PyTorch Neural Networks
Contents
PyTorch Neural Networks¶
PyTorch is a Python package for defining and training neural networks. Neural networks and deep learning have been a hot topic for several years, and are the tools underlying many state-of-the art machine learning tasks. There are many industrial applications (e.g. at your favorite or least favorite companies in Silicon Valley), but also many scientific applications including
Processing data in particle detectors
Seismic imaging / medical imaging
Accelerating simulations of physical phenomena
…
A (deep) feed-forward neural network is the composition of functions \begin{equation} f_N(x; w_N, b_N) \circ f_{N-1}(x; w_{N-1}, b_{N-1}) \circ \dots f_0(x; w_0, b_0) \end{equation} where each \(f_i(x; w_i, b_i)\) is a (non-linear) function with learnable parameters \(w_i, b_i\). There are many choices for what the exact function is. A common and simple one to describe is an (affine) linear transformation followed by a non-linearity. \begin{equation} f_i(x; w_i, b_i) = (w_i \cdot x + b_i)_+ \end{equation}
where \(w_i \cdot x\) is matrix-vector multiplication, and \((\cdot)_+\) is the ReLU operation (Rectified Linear Unit) \begin{equation} x_+ = \begin{cases} x & x > 0\ 0 & x \le 0 \end{cases} \end{equation}
If you take the composition of several functions like this, you have a multilayer perceptron (MLP).
Deep Learning Libraries¶
There are many deep learning libraries available, the most common ones for python are
TensorFlow, Keras
PyTorch
Working with tensorflow requires going into lot of details of the contruction of the computation graph, whereas Keras is a higher level interface for tensorflow. Tensorflow is very popular in the industry and good for production code.
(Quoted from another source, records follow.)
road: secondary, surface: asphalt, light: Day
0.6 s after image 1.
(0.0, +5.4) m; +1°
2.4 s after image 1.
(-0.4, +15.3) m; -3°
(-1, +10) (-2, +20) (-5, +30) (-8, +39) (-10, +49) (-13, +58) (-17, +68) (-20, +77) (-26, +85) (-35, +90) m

PyTorch can be used as low level interface, but is much more user-friendly than tensorflow, but it also has a higher level interface. Pytorch is more popular in the research community.
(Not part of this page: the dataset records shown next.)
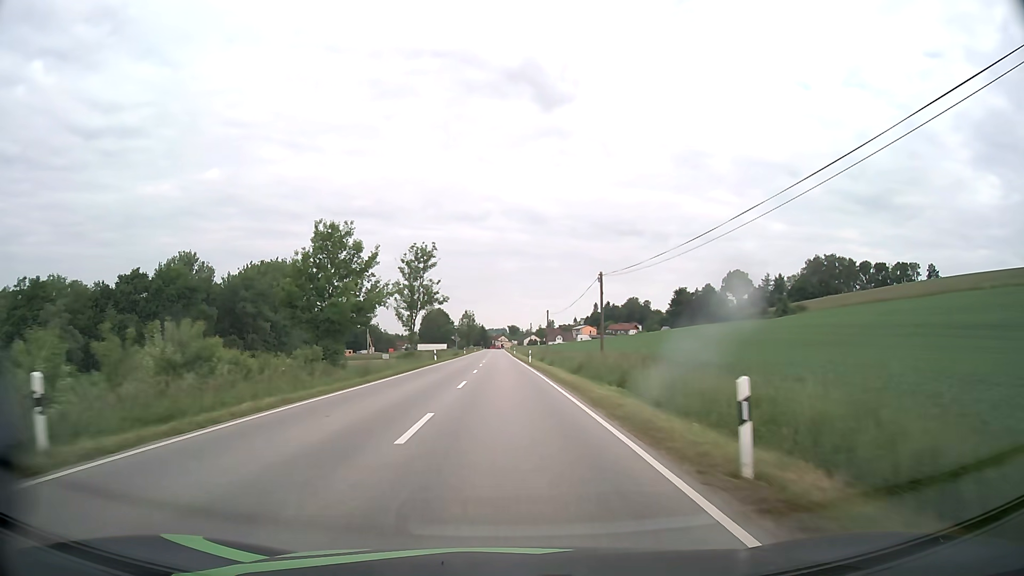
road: secondary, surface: asphalt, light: Day
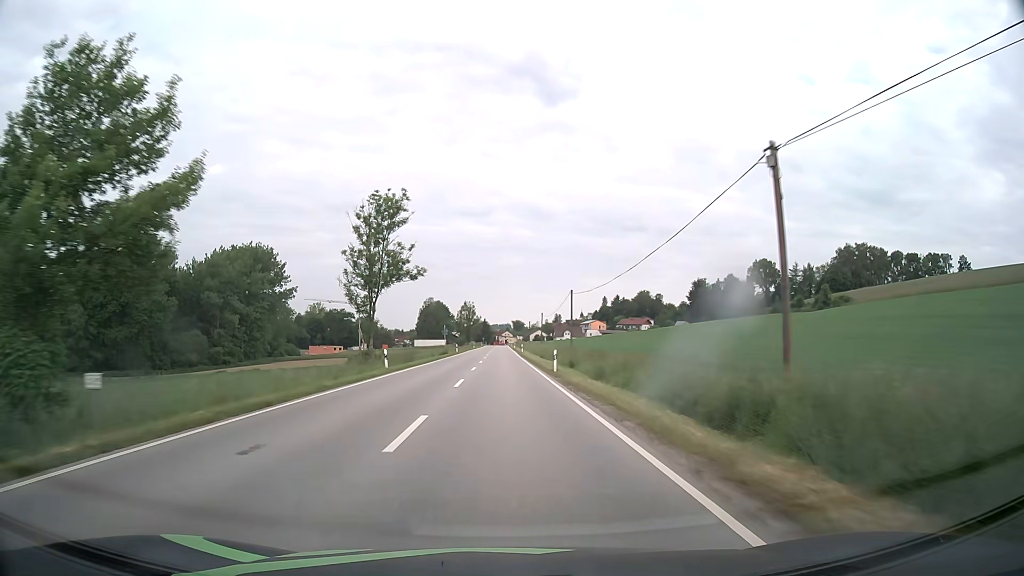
(-0.1, +24.9) m; 0°
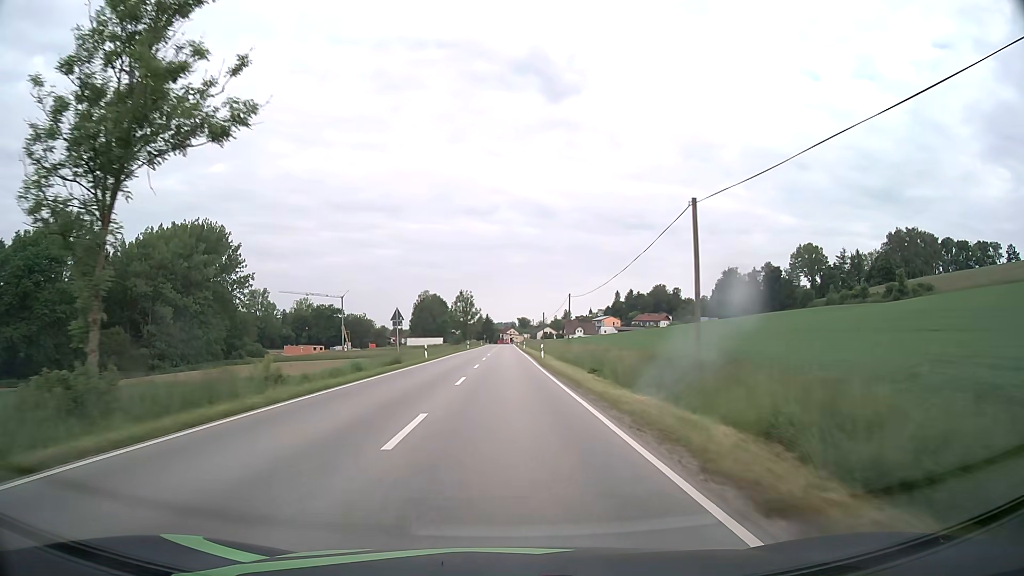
(-0.1, +35.7) m; 0°
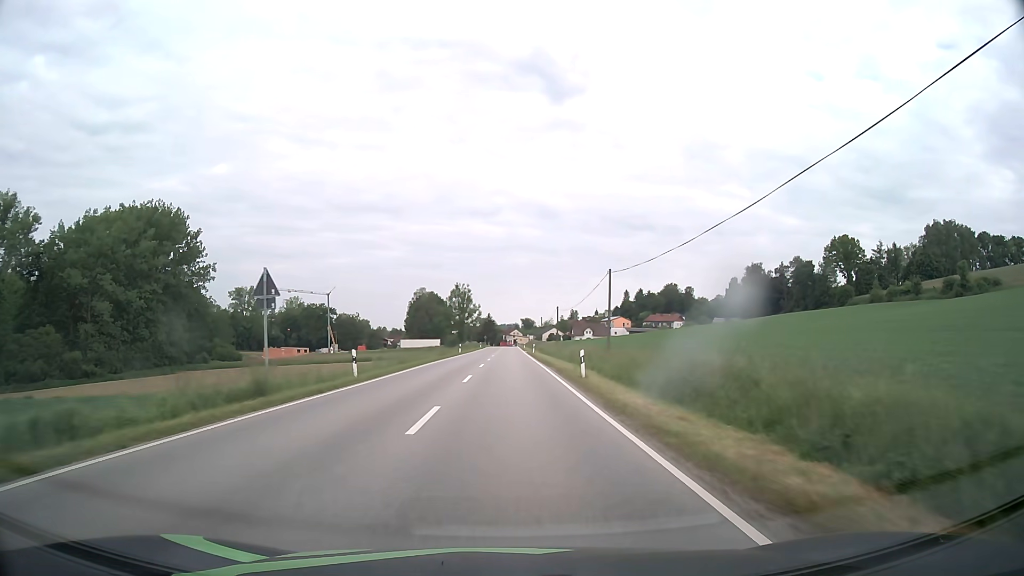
(-0.1, +22.5) m; 0°
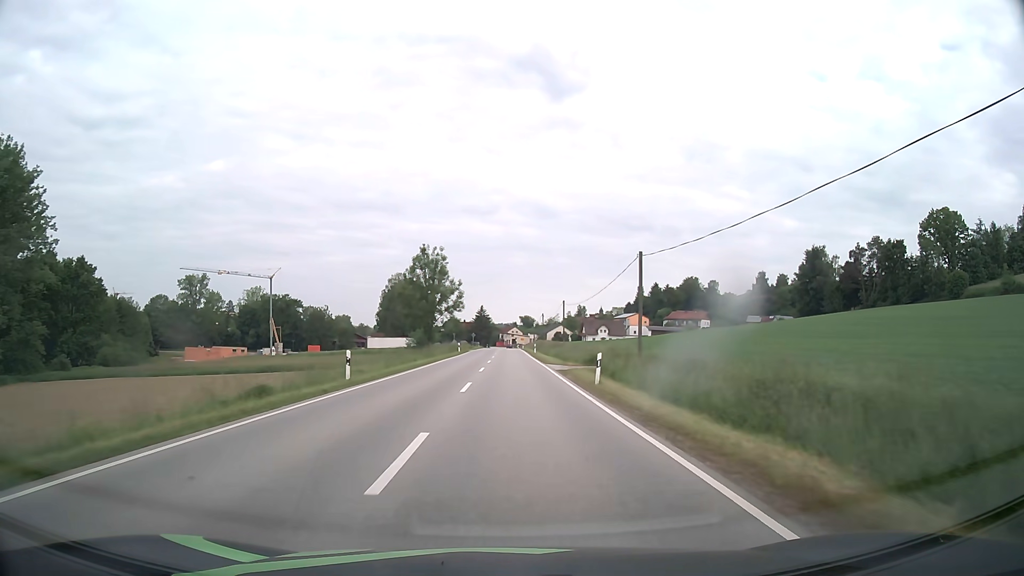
(0.0, +51.5) m; 0°
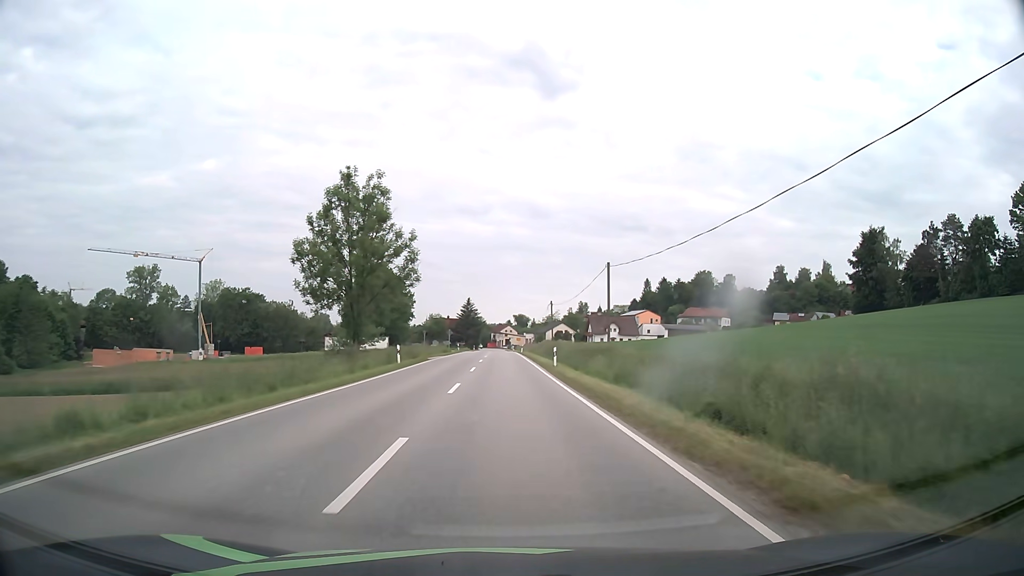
(+0.2, +36.4) m; +1°
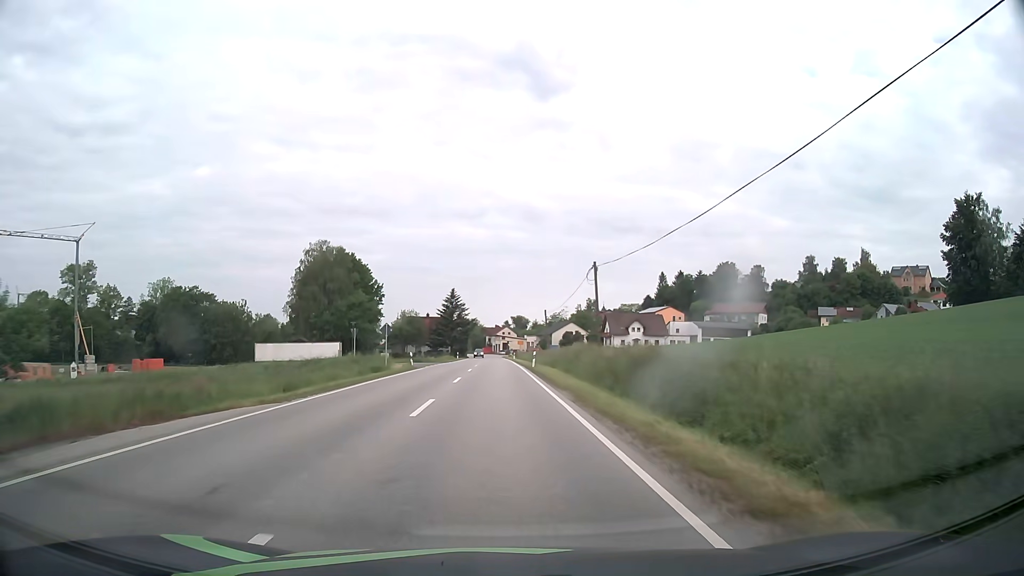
(+0.1, +40.5) m; 0°
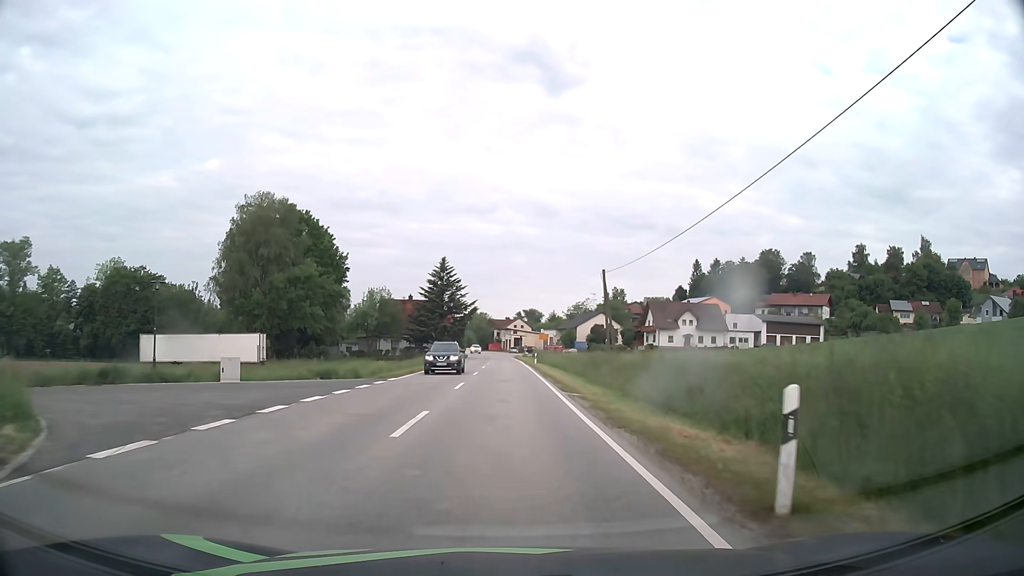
(-0.4, +38.7) m; -1°

Main features that any deep learning library should provide¶
No matter what library or language you use, the main features provided by a deep learning library are
Use the GPU to speed up computation
Ability to do automatic differentiation
Useful library functions for common architectures and optimization algorithms
PyTorch¶
We will look at all of the above in pytorch. The best way to think about pytorch is that its numpy + GPU + autograd.
You can install it with
conda install pytorch.
Alternatively (and recommended), run this notebook in Google Colab– it provides an environment with all of the PyTorch dependencies plus a GPU free of charge.
import torch
import numpy as np
import matplotlib.pyplot as plt
torch.__version__
'1.7.0'
Automatic Differentiation¶
Automatic differentiation is different from numerical differentiation, which requires a choice of step size, and symbolic differentiation which creates a single expression for a derivative. Instead it performs chain rule repeatedly.
PyTorch uses dynamic computation graphs to compute the gradients of the parameters.
x = torch.tensor([2.0])
m = torch.tensor([5.0], requires_grad = True)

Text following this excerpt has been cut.